Of those who have perished under this regime of perversion, vendetta and mistrust, we can name only a few. How many have died remains unknown and will never be publicly mentioned. Its victims have had no funeral rites. They have just disappeared, never to return, and their cries and screams have been heard but faintly. They are remembered only by family members, in conversation that is muted, colourless and regretful.
The anthropologist Michael Taussig asserts that cultures of terror are based on, and nourished by, silence. Silence has its varying degrees of expression. There have been regimes in living memory where people have accepted the bizarre and depraved just because it is familiar. Similarly, those in the northeast and the Kashmir Valley appear to have become acclimatized to an environment where extrajudicial killings are a routine occurrence, and the public in other parts of the country are accustomed to and even wearied by the bland, sanitized reports of encounters.

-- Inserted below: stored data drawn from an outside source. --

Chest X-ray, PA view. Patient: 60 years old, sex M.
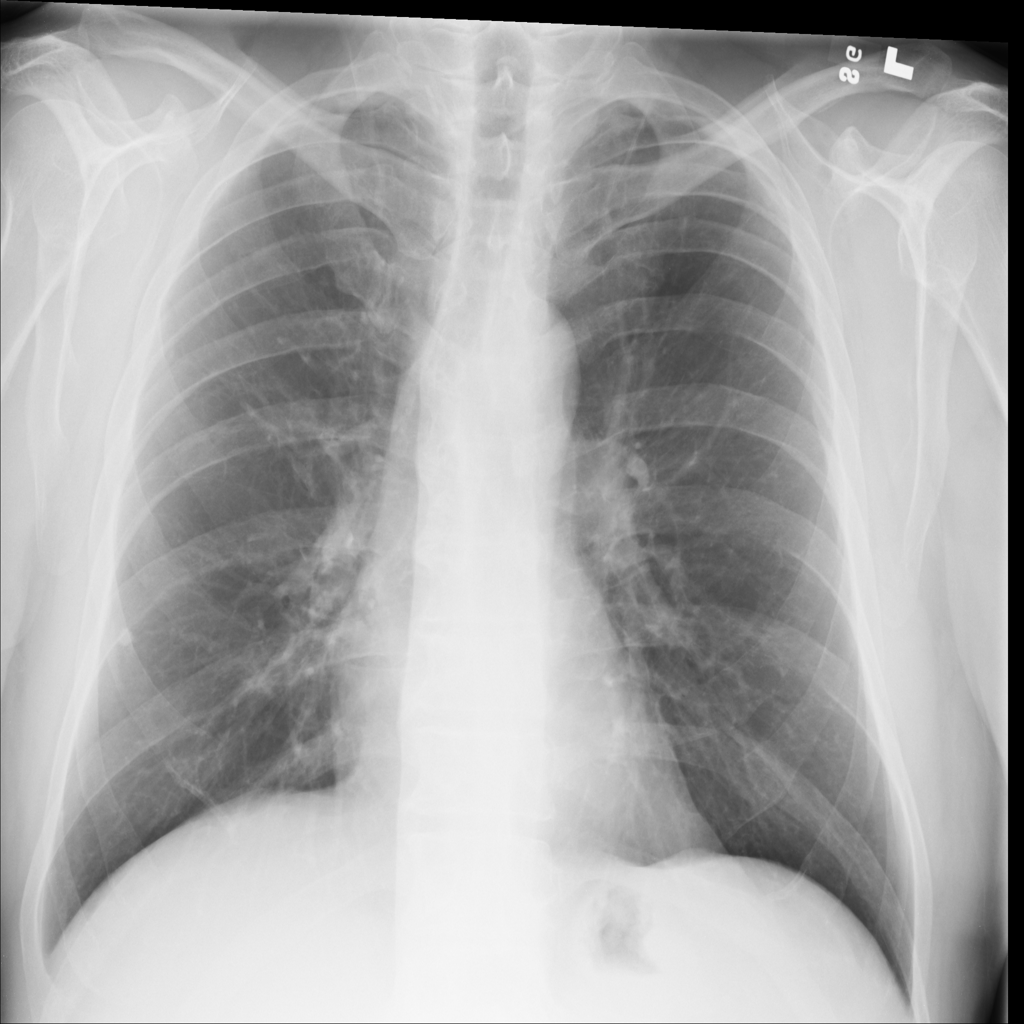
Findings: No Finding
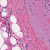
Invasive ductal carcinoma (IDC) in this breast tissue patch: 0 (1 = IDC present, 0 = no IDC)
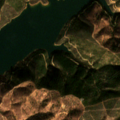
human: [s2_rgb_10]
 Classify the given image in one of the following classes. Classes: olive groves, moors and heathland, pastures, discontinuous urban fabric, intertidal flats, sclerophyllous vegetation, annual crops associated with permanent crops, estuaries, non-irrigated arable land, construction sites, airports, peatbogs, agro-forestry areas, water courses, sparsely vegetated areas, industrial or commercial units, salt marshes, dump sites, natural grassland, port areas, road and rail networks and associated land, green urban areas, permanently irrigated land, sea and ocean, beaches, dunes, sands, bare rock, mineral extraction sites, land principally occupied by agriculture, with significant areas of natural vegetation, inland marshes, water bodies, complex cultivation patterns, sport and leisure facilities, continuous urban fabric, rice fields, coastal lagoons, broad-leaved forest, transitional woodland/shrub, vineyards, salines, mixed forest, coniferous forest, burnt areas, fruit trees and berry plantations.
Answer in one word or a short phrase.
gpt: sclerophyllous vegetation, transitional woodland/shrub, water bodies
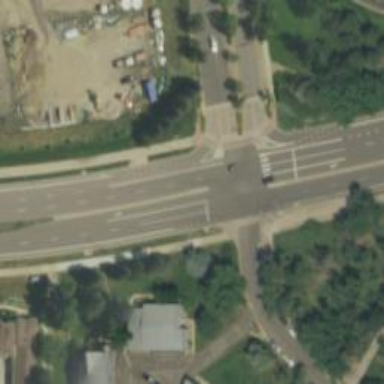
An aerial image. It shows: Secondary link road with asphalt surface.
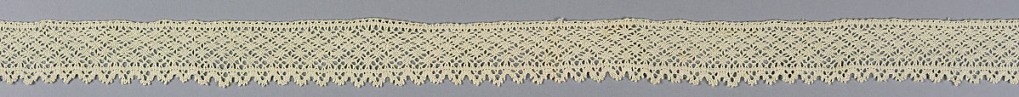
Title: Band
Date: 17th–18th century
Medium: linen Technique: bobbin lace
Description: "Punto avorio" or braid-like peasant lace from the Valle Vogna is of the same type as this from Monferrato.
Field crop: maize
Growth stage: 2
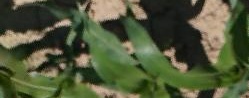
Species: maize
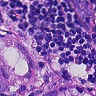
Metastatic tissue present: yes
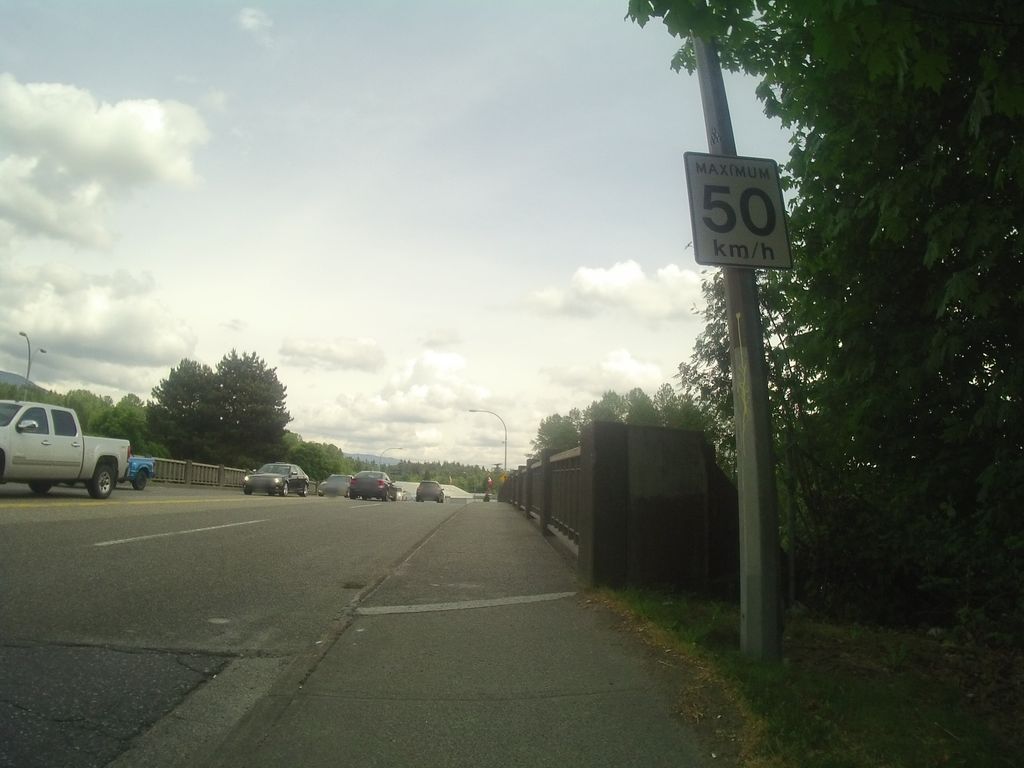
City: vancouver
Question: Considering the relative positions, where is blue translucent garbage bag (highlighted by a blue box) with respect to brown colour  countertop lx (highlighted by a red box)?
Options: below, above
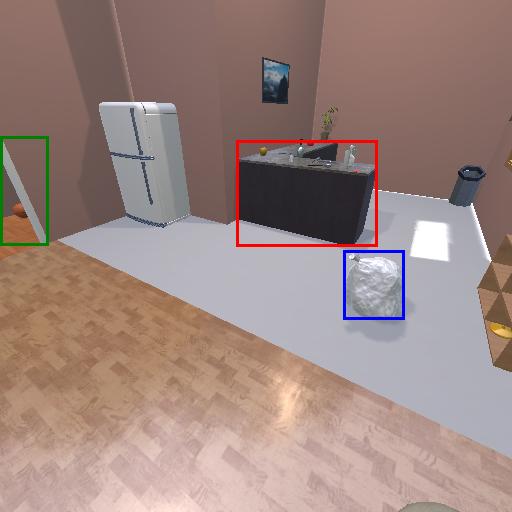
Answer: below

And unless death is at our doors, a stifled scream from afar barely registers. There was a time when a single wrongful death made news. Today, with the digital media awash with ghastly images from distant civil wars and the like, even the footage of ten encounter victims barely raises civil indignation. Even more worrying are the killings that occur in remote places, where almost nothing is known. What then is recorded is based on the conjecture of a few journalists. Such atrocities have only occasionally found their way to tiny newspaper columns or a few seconds television coverage. The rest have been blacked out of human history.
Memory and truth contest each other, and identities are blurred as the perpetrator claims to be the victim. But the silence that blacks out the hundreds should not consume the survivors, and that is why it is important to remember the dead.